Чандлер обвел взглядом маленький номер, как будто ее ложь была особенно очевидной на фоне этих выцветших стен, потертой мебели и пыльного телевизора с большой антенной. И как уверенно она привезла его именно сюда. Он коснулся своим бокалом ее.

— Я тоже здесь, — проговорил он и, как она, одним глотком опрокинул содержимое в рот. Пальцы правой руки непроизвольно сжались, когда теплая жидкость, обжигая, устремилась вниз. Она почувствовала, как он вздрогнул.

— Лед! — воскликнул он, когда к нему вернулась способность дышать.

Чандлер подхватил ведерко и пошел в коридор набрать из автомата льда, а она вдруг вспомнила имя бога — Уризен[9]. Так звали бога, которого изобразил Блейк. И еще она вспомнила: по словам Блейка, он увидел его в одном из своих видений.

Она потерла руку и пристально посмотрела на себя в зеркало, надеясь увидеть, что происходило за ним и что оттуда было видно.
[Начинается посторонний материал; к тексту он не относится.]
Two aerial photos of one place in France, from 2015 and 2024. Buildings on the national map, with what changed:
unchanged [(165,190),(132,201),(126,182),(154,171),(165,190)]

За девять месяцев, прошедших с тех пор, как Моргантхау завербовал ее, она подсыпала наркотик почти полсотни клиентам. Она не знала, какой реакции от них ожидал Моргантхау. Знала лишь то, чему сама была свидетельницей. Они начинали ее лапать и вдруг отскакивали, будто замечали нечто, чего не видела она. Иногда это было даже забавно. А однажды клиент даже вздохнул и спросил:

— Цербер, это ты, малыш?

Она решила, что ему привиделся пес из далекого детства.

Но в девяти случаях из десяти видения были страшными, и половина мужчин забивались в угол и отмахивались руками от воображаемых мучителей. Моргантхау полагал, что эти видения — она считала, что «галлюцинации» в данном случае термин неподходящий, ибо происходящее скорее напоминало Божью кару, — были обусловлены средой обитания. Поскольку дело происходило в Бостоне, где пуританские корни сильны особенно, ее клиентам воображалось то, чего они боялись больше всего: полиция, жены, матери. Олицетворение самого Уризена.
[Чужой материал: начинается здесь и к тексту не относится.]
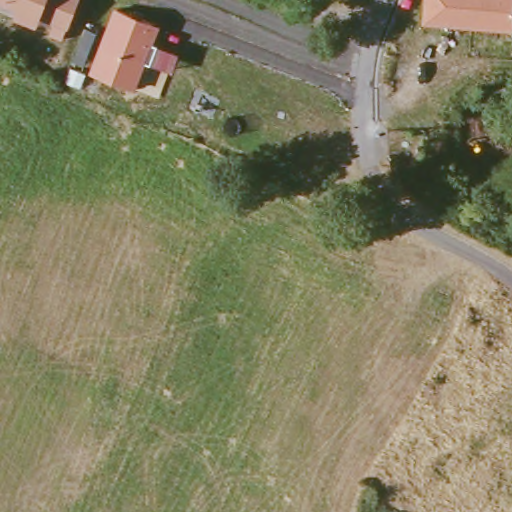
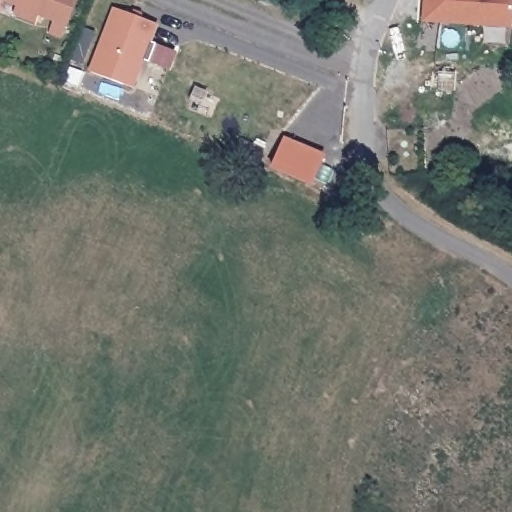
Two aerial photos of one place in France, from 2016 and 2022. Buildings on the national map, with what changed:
unchanged [(66,25),(38,13),(34,23),(10,14),(13,5),(1,0),(76,0),(66,25)]
unchanged [(423,0),(512,0),(512,29),(422,21),(423,0)]
unchanged [(89,72),(115,9),(160,26),(153,42),(178,52),(171,71),(145,62),(136,89),(89,72)]
new [(325,154),(311,186),(271,169),(285,137),(325,154)]

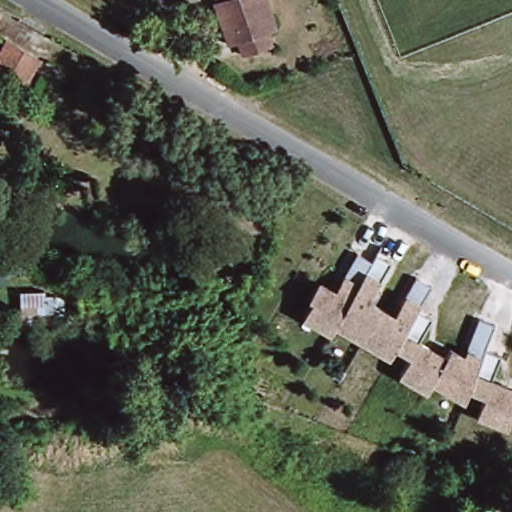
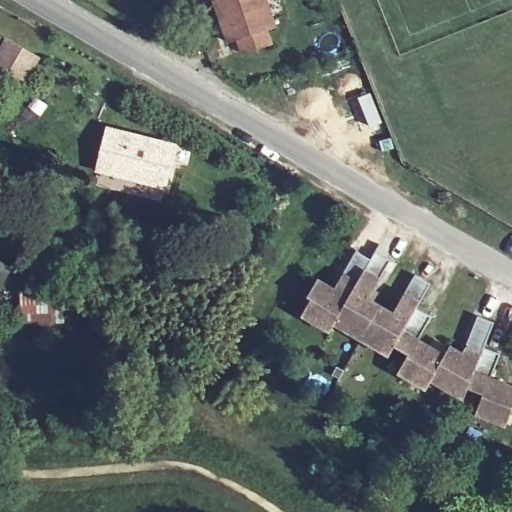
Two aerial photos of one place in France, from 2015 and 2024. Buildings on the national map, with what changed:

Но никому из них не было стыдно так, как самой Наз. В конце концов, она же самая обычная проститутка! Которой пришлось выживать после смерти родителей. Которая продавала свое тело за несколько долларов и спиртное, притуплявшее ей сознание. Только приняв наркотик, она позволила себе признаться, что сделала это не для того, чтобы досадить Моргантхау или выяснить, чем она пичкала ничего не подозревавших клиентов целых девять месяцев, а чтобы наказать саму себя. Чтобы не позволить себе сблизиться с человеком, который смотрел сейчас ей в глаза — смотрел с таким нескрываемым обожанием, будто спрашивал себя и не находил ответа, чем именно он мог заслужить такое счастье…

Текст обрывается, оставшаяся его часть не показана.